Замок владетеля Эдвина Аргиеро четырёхугольной скалой чёрного камня высился на гребне холма, отбрасывая в закатные часы на город длинную тень. Расширяясь к основанию, изъеденные снегом и дождём стены упирались в пологие склоны, чуть прикрытые беспорядочным скопом деревьев, а узкие башни оканчивались полуразбитыми зубчатыми коронами, над которыми иногда реяли мрачные стяги и кружило вороньё.
Подножие холма обегала вторая линия стен, ощетинившись двойным рядом шипов, а за ней протянулся широкий ров, заполненный водой цвета застарелой ржавчины. Над воротами подъёмных мостов мелькали угрюмые лица стражников и блестели клинки остро наточенных алебард, будто красноречиво подчёркивая грозное величие обители, где повелевали хозяева королевства Эсфидель.
Снаружи замок в любых обстоятельствах выказывал холодную неприветливость. Те же, кто удостаивался чести бывать внутри, отмечали, что днём дворец владетеля Эдвина Аргиеро похож на оживлённую театральную сцену, а ночью превращается в зловещую крепость. Возможно, таковы дворцы во всём мире, но в Семистере метаморфоза казалась особенно заметной. Ближе к вечеру сюда стекались усиленные отряды городской стражи и агенты тайной полиции, так что общее число вооружённых служителей королевства на одном месте начинало соперничать с числом придворных, заполняющих залы днём. Один фарланский посол, гостивший в Семистере до войны, столь изумился подобной осмотрительности, что написал с докладом своему государю: «…нет сомнений, нам стоит страшиться королевства, где каждый холеный придворный ночью облачается в доспехи и берётся за оружие, чтобы охранять сон своего правителя.

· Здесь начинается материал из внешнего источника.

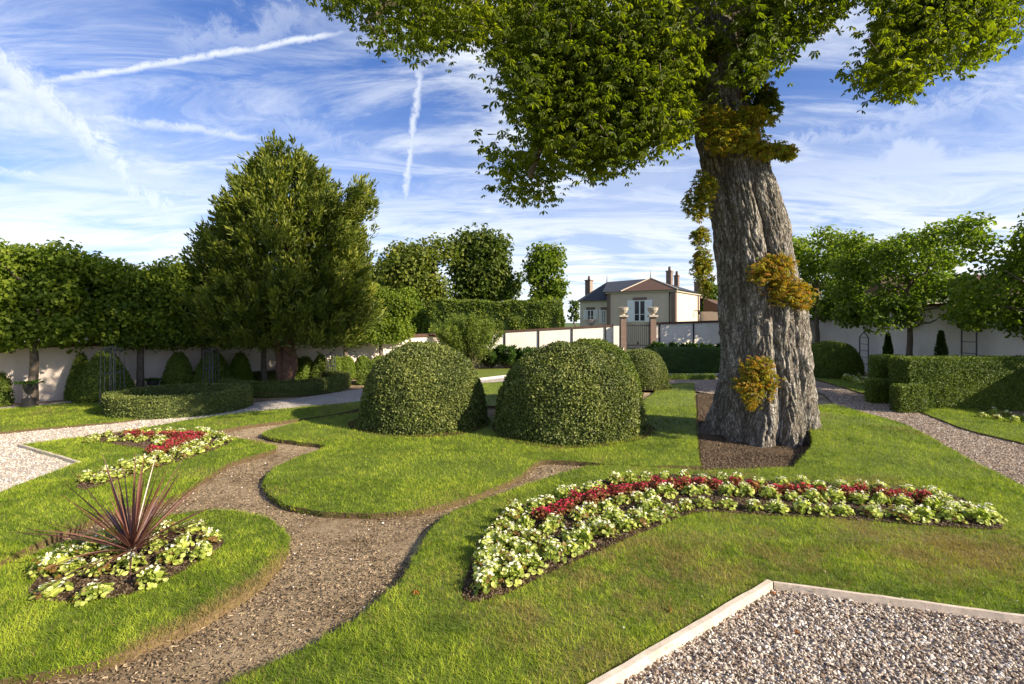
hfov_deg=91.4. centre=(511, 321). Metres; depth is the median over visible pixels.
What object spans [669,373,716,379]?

Ибо если даже рвение изнеженных царедворцев столь велико, что говорить о простом люде, который беззаветно любит Эдвина Аргиеро».
Со стороны, может, и походило, будто придворные ночью превращаются в солдат для защиты дворца, но всё обстояло куда прозаичнее. Простой люд любил владетеля Аргиеро, но знатные жители Семистера, потомки родов столь древних, что казались старше самого города, ещё могли помнить о временах, когда жили в независимом городе-государстве со слабыми правителями и умеренными законами. Ардамины, придя с севера покорить Семистер больше силой духа, чем силой оружия, особенно укрепились в этих краях после всё тех же печально известных войн императрицы Селины, что продолжил её брат Марсиль. Окончательно утвердившись на престоле, коварный принц отрёкся от своих былых товарищей и наёмников с полуострова Ардамин. Не приняли их и на родине, испугавшись гнева могущественного Линтавера. После этого предательства целый военный отряд, маленькое войско, оказался на положении преступников и изгнанников. Отчаявшись обрести своё место под солнцем путём военного противостояния, ардамины, ограбив несколько пограничных деревень, вместе с Лёгким Гвардейским Корпусом покинули пределы Линтавера и отправились в поисках пристанища на юг. Двадцатью годами ранее другое ардаминское войско уже побывало в этих краях, и тогда его вёл славный полководец Лансерих, зрелый муж и отчаянный вояка, прекрасный всадник. Прослышав о том, что на юге набирает силу процветающий торговый городок Семистер, а правит им жалкий, не имеющий силы совет знати, великий ардамин решил, что имеет прекрасную возможность основать собственное королевство. Оборона Семистера в ту пору была настолько слаба, что город сдался почти без боя. От природы болезненные, худощавые жители этих мест поначалу покорно смирились, а после - были очарованы обаянием пришельцев, исполненных северной стати и благородства. Почти так же приняли и вторую волну переселенцев, на этот раз властью владетеля Эдвина Аргиеро, потомка Лансериха. На тот момент молодое королевство сошлось в кровопролитной войне с Фарланом, и не время было проявлять разборчивость в выборе союзников, хотя сомнительная репутация солдат Корпуса, по происхождению бывших заключённых и головорезов, едва не смешала ход переговоров. По счастью, Аргиеро проявил достаточный авторитет и прозорливость, чтобы взять способных гвардейцев в свои руки и привести к клятве верности, о чём мы уже упоминали, рассказывая об улице Лилий.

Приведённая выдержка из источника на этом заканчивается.